Leachianone A as a potential anti-cancer drug by induction of apoptosis in human hepatoma HepG2 cells.[Pubmed: 17379399]

Cancer Lett. 2007 Aug 18;253(2):224-35.

The Chinese herbal medicine Radix Sophorae is widely applied as an anti-carcinogenic/ anti-metastatic agent against liver cancer.
METHODS AND RESULTS:
In this study, Leachianone A, isolated from Radix Sophorae, possessed a profound cytotoxic activity against human hepatoma cell line HepG2 in vitro, with an IC(50) value of 3.4microg/ml post-48-h treatment. Its action mechanism via induction of apoptosis involved both extrinsic and intrinsic pathways. Its anti-tumor effect was further demonstrated in vivo by 17-54% reduction of tumor size in HepG2-bearing nude mice, in which no toxicity to the heart and liver tissues was observed.
CONCLUSIONS:
In conclusion, this is the first report describing the isolation of Leachianone A from Radix Sophorae and the molecular mechanism of its anti-proliferative effect on HepG2 cells.

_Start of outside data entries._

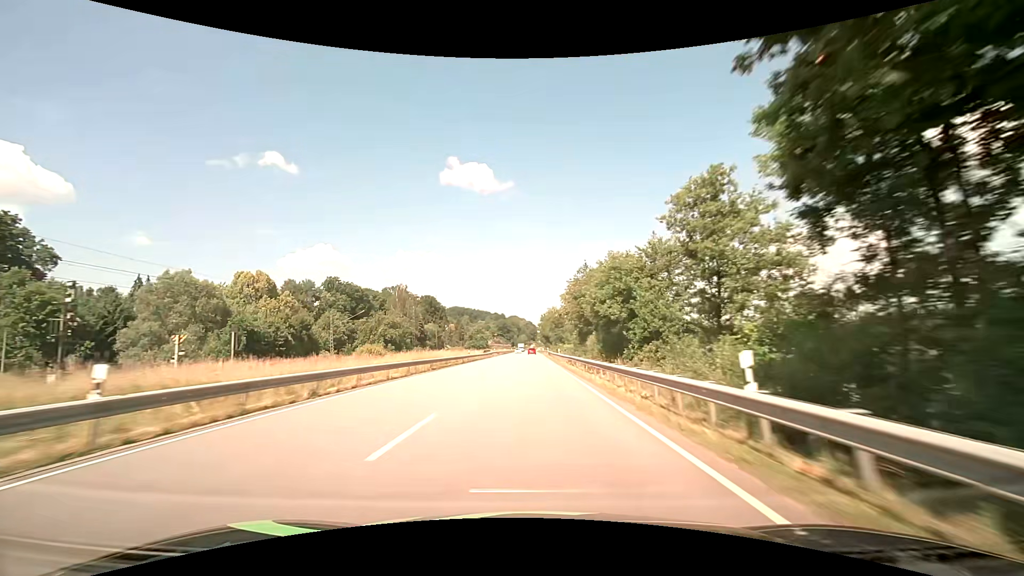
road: primary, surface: asphalt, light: Day
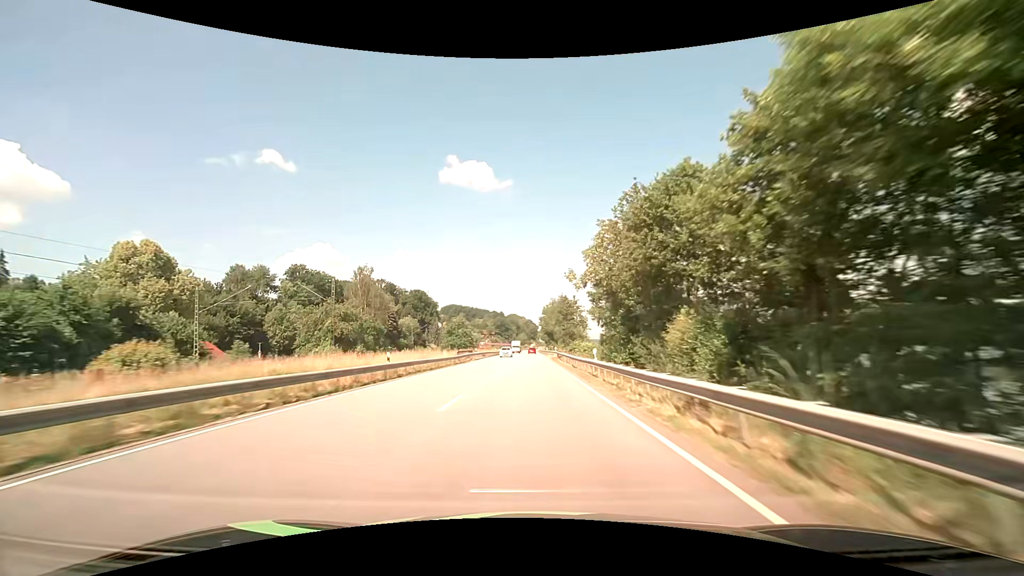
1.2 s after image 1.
(0.0, +31.6) m; 0°
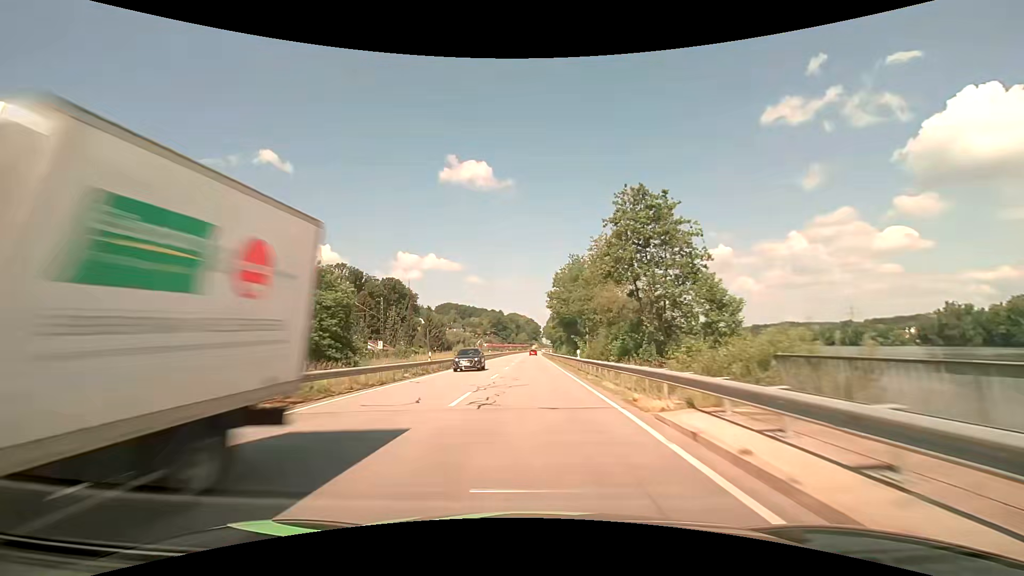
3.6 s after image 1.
(-0.1, +63.2) m; 0°
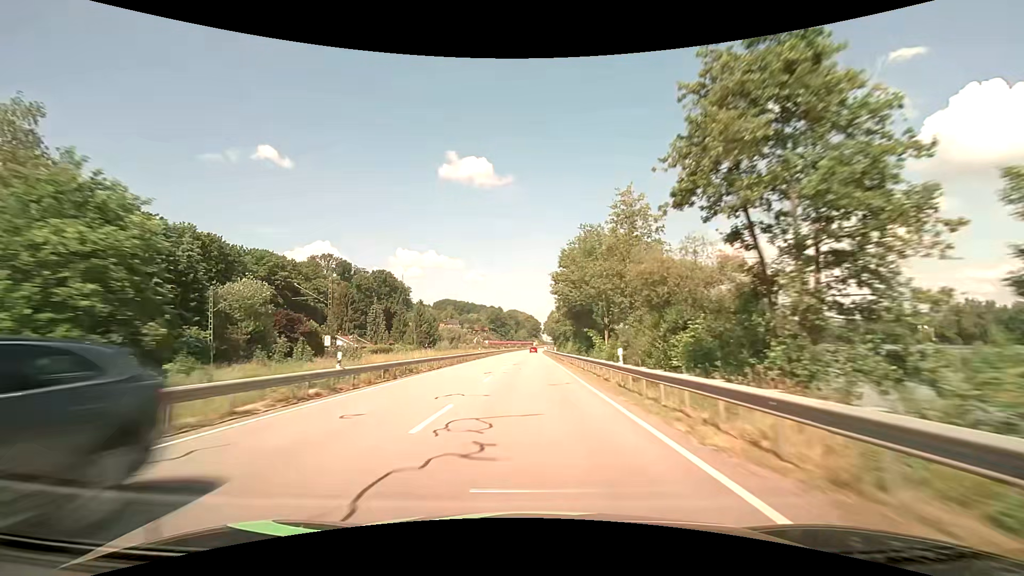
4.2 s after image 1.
(0.0, +15.8) m; 0°
(0, +10) (0, +20) (0, +30) (0, +40) (0, +50) (0, +60) (0, +70) (0, +80) (0, +90) (0, +100) m

Lavandulyl flavonoids with sodium-dependent glucose cotransporter 2 inhibitory activity from Sophora flavescens.[Reference: WebLink]

Journal of Huazhong Normal University, 2014,  48(4):520-4.

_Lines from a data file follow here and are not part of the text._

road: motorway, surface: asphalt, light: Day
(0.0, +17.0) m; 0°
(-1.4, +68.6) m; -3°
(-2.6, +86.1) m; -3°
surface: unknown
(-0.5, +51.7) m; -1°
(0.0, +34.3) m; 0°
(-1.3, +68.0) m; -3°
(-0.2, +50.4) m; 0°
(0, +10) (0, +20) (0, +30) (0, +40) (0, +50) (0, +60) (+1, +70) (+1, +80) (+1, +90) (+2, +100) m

To discover new bioactive Sodium-dependent glucose cotransporter 2(SGLT2)inhibitors from the traditional Chinese medicine"Ku Shen"(roots of Sophora flavescens),the bioassay-guided purification of an active ethyl acetate fraction was performed.
METHODS AND RESULTS:
Sixteen lavandulyl flavonoids were isolated and their structures were elucidated as kushenol H(1),kushenol K(2),kurarinol(3),kushenol Y(4),kushenol P(5),norkurarinone(6),kushenol I(7),kushenol N(8),(-)-kurarinone(9),kushenol X(10),neokurarinol(11),kushenol C(12),sophoraflavanone G(13),Leachianone A(14),kuraridine(15)and kushenol A(16).All isolated compounds exhibited inhibitory activity against SGLT2.Among them,the two main constituents of the active EtOAc fraction,(-)-kurarinone(9)and sophoraflavanone G(13)showed the most potential inhibitory activity against SGLT2with the IC50values of 2.24μmol/L and 1.45μmol/L,respectively.

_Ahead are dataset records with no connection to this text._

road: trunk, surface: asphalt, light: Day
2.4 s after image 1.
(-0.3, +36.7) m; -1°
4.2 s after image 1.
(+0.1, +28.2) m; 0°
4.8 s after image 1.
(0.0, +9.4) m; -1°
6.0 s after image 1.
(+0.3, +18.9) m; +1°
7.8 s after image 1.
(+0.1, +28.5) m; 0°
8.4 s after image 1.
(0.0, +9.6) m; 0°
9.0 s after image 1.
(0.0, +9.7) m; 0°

Inhibitory Effects of Leachianone A from Sophora flavescens Ait. against Cadmium Induced Cytotoxicity.[Reference: WebLink]

Korean J. Oriental Physiology & Pathology,2008, 22(5):1163-7.

In this study, cytotoxicity of cadmium on NIH 3T fibroblasts was utilized in order to discover antitoxic compound in methanol extract of Sophora flavascens Ait.
METHODS AND RESULTS:
There were treatment groups; control (medium only), MTT50 group and five experimental groups. MTT {3-(4,5-dimethylthiazol-2-yl)-2,5-diphenyl-2H- tetrazoliumbromide} assay was performed to evaluate the cytotoxicity of cell organelles and IC50 was also measured. Accordingly we have examined the detoxification effects of methanol extract of S. flavescens Ait. and Leachianone A (LA) on cadmium-treated NIH 3T3 fibroblasts (IC50= 12.5 μM) to observe morphological changes by the light microscopy. Both S. flavescens Ait. methanol extract and LA showed inhibitory effects on cadmium-induced cytotoxicity. Furthermore, LA showed dose-dependency in detoxication.
CONCLUSIONS:
From these results, it is conceivable to suggest that LA from S. flavescens Ait. methanol extract is a potential antitoxic agent.